Stored data:
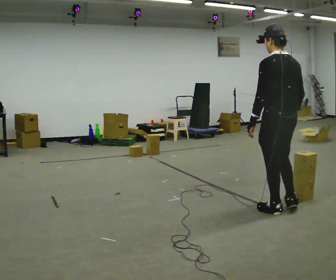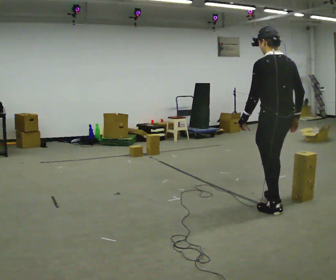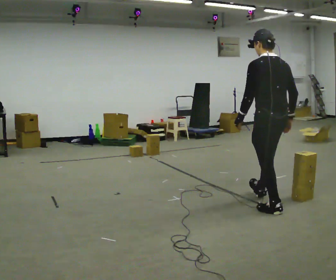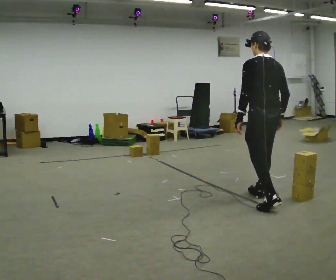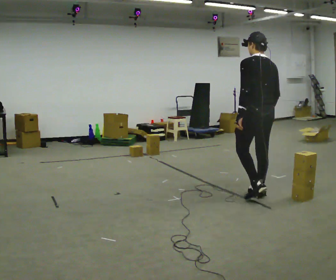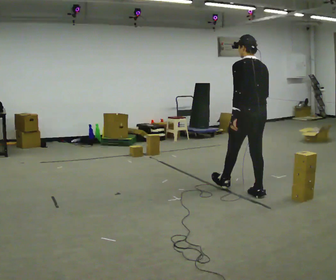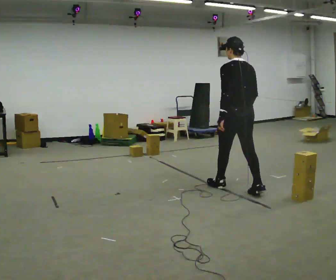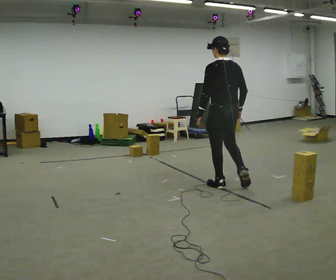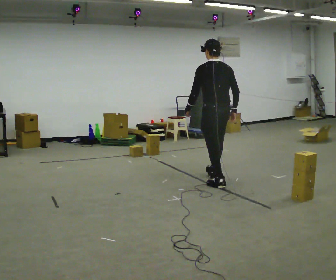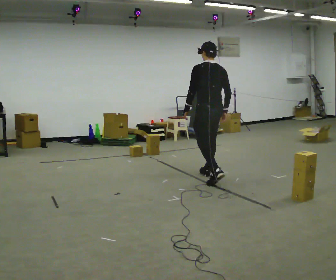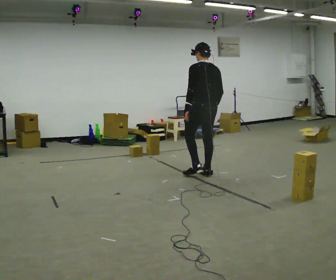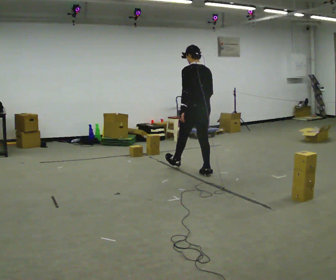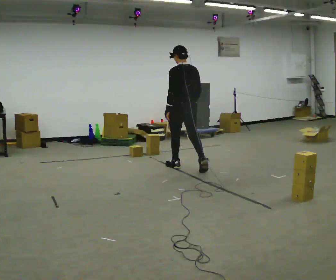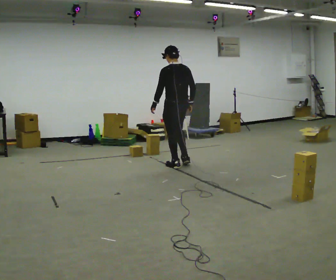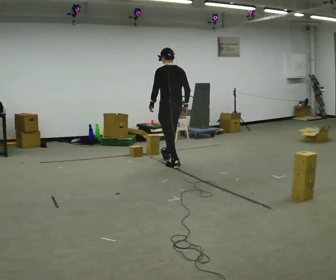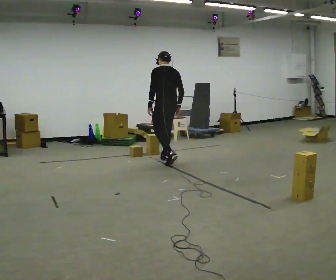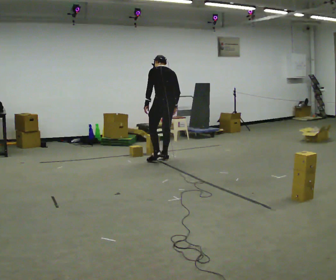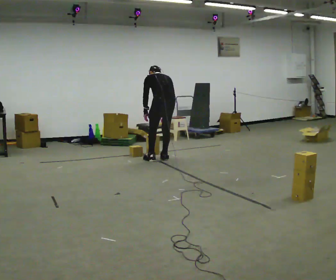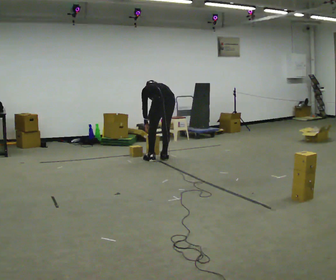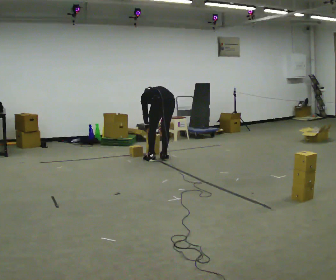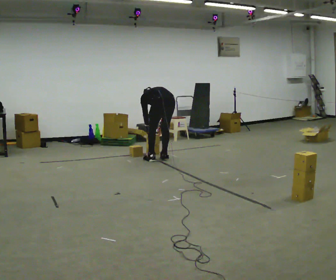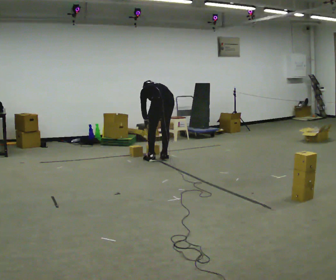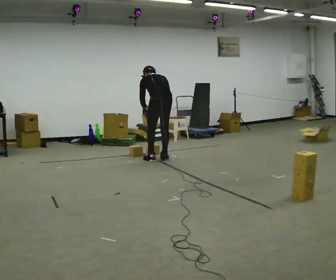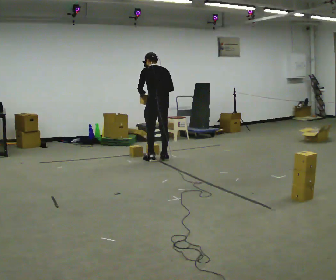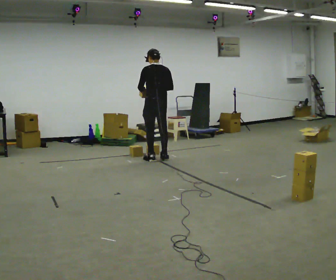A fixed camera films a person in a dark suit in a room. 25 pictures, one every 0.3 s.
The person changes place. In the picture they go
away from the camera.
0.0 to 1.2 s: In the picture they go away from the camera, about 0.5 m in 1 step, which for them is forward.
1.2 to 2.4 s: In the picture they go away from the camera and to the left, about 0.5 m in 1 step, which for them is forward.
2.4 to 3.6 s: In the picture they go away from the camera and to the left, about 1 m in 2 steps, which for them is forward.
3.6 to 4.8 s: In the picture they go away from the camera and to the left, about 0.5 m in 1 step, which for them is forward. The upper body tips away from the camera, its near side rolling upward, as they bend forward.
4.8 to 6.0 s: The shoulders move downward. The upper body tips away from the camera, its near side rolling upward, as they bend forward. In the picture their left hand goes downward.
6.0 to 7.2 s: The upper body goes upward. The upper body tips toward the camera, its near side rolling downward, as they lean back or straighten. In the picture their left hand goes upward.
The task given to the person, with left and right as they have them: Carry the box and, while you are still walking, turn it so you can read the label, read it out loud, then carry on. Repeat with the next box. Do not stop to read it.
The film runs forward here.
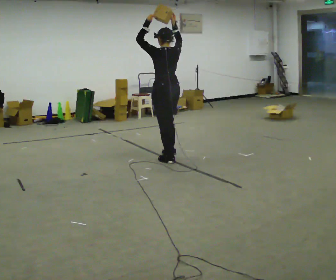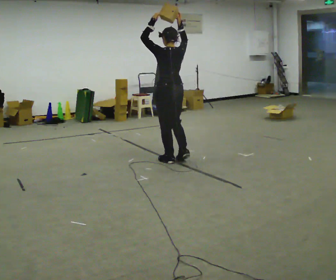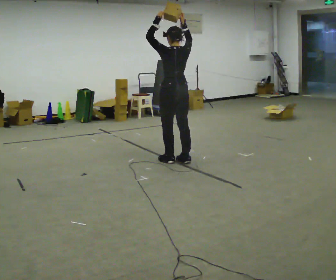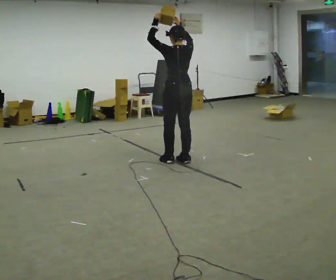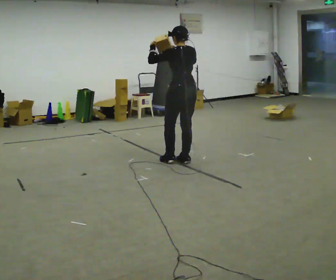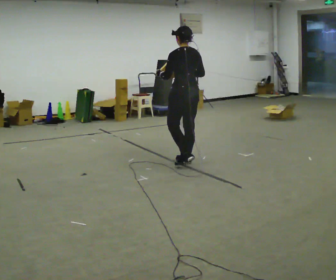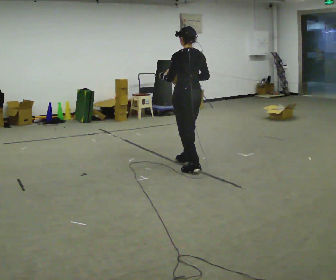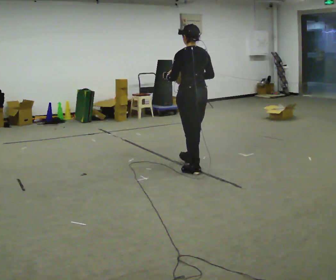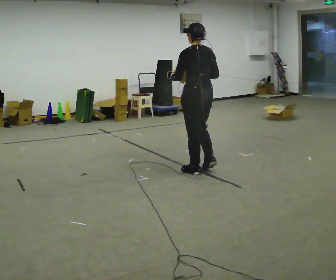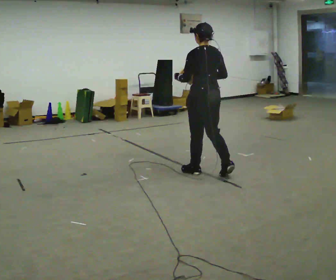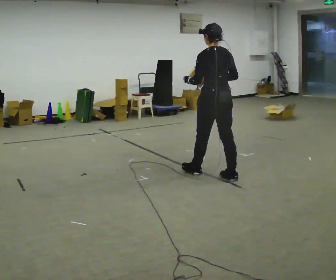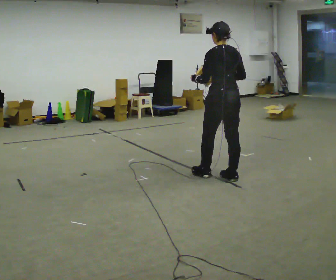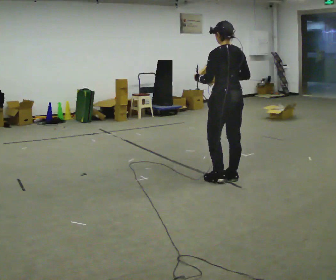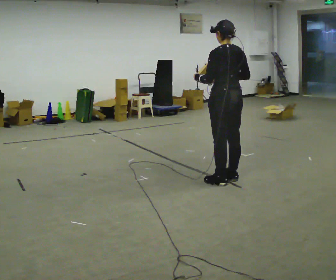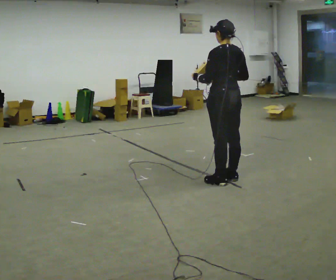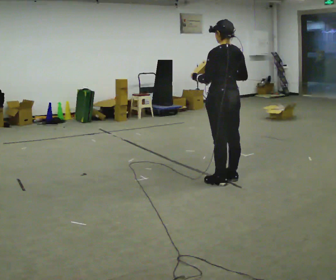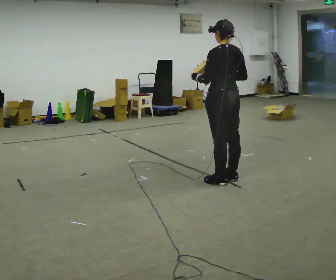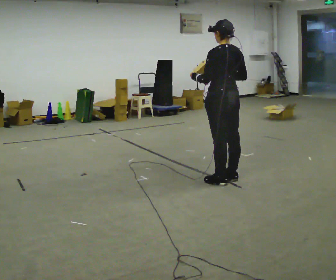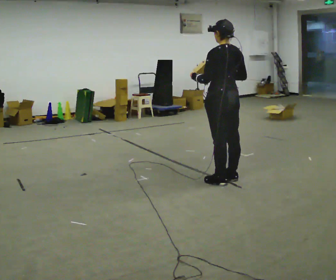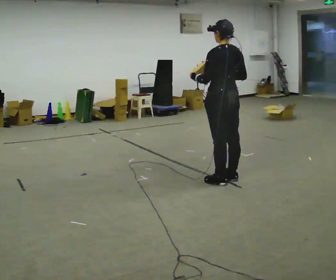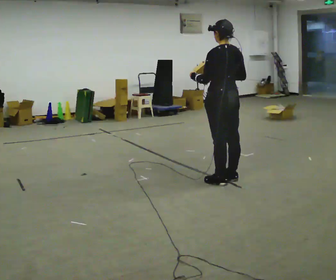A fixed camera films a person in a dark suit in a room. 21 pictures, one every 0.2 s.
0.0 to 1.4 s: In the picture they go toward the camera and to the right, about 0.5 m in 2 steps, which for them is backward. In the picture their right hand goes downward.
1.4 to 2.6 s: In the picture they go to the right and toward the camera, about 0.5 m in 1 step, which for them is backward.
2.6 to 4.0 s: The person moves a little, or ends about where they began.
The film runs backward here.

■ Work instructions: Taking each record in turn, retype it exactly and drop any picture.

■ The answer:
A fixed camera films a person in a dark suit in a room. 25 pictures, one every 0.3 s.
The person changes place. In the picture they go
away from the camera.
0.0 to 1.2 s: In the picture they go away from the camera, about 0.5 m in 1 step, which for them is forward.
1.2 to 2.4 s: In the picture they go away from the camera and to the left, about 0.5 m in 1 step, which for them is forward.
2.4 to 3.6 s: In the picture they go away from the camera and to the left, about 1 m in 2 steps, which for them is forward.
3.6 to 4.8 s: In the picture they go away from the camera and to the left, about 0.5 m in 1 step, which for them is forward. The upper body tips away from the camera, its near side rolling upward, as they bend forward.
4.8 to 6.0 s: The shoulders move downward. The upper body tips away from the camera, its near side rolling upward, as they bend forward. In the picture their left hand goes downward.
6.0 to 7.2 s: The upper body goes upward. The upper body tips toward the camera, its near side rolling downward, as they lean back or straighten. In the picture their left hand goes upward.
The task given to the person, with left and right as they have them: Carry the box and, while you are still walking, turn it so you can read the label, read it out loud, then carry on. Repeat with the next box. Do not stop to read it.
The film runs forward here.
A fixed camera films a person in a dark suit in a room. 21 pictures, one every 0.2 s.
0.0 to 1.4 s: In the picture they go toward the camera and to the right, about 0.5 m in 2 steps, which for them is backward. In the picture their right hand goes downward.
1.4 to 2.6 s: In the picture they go to the right and toward the camera, about 0.5 m in 1 step, which for them is backward.
2.6 to 4.0 s: The person moves a little, or ends about where they began.
The film runs backward here.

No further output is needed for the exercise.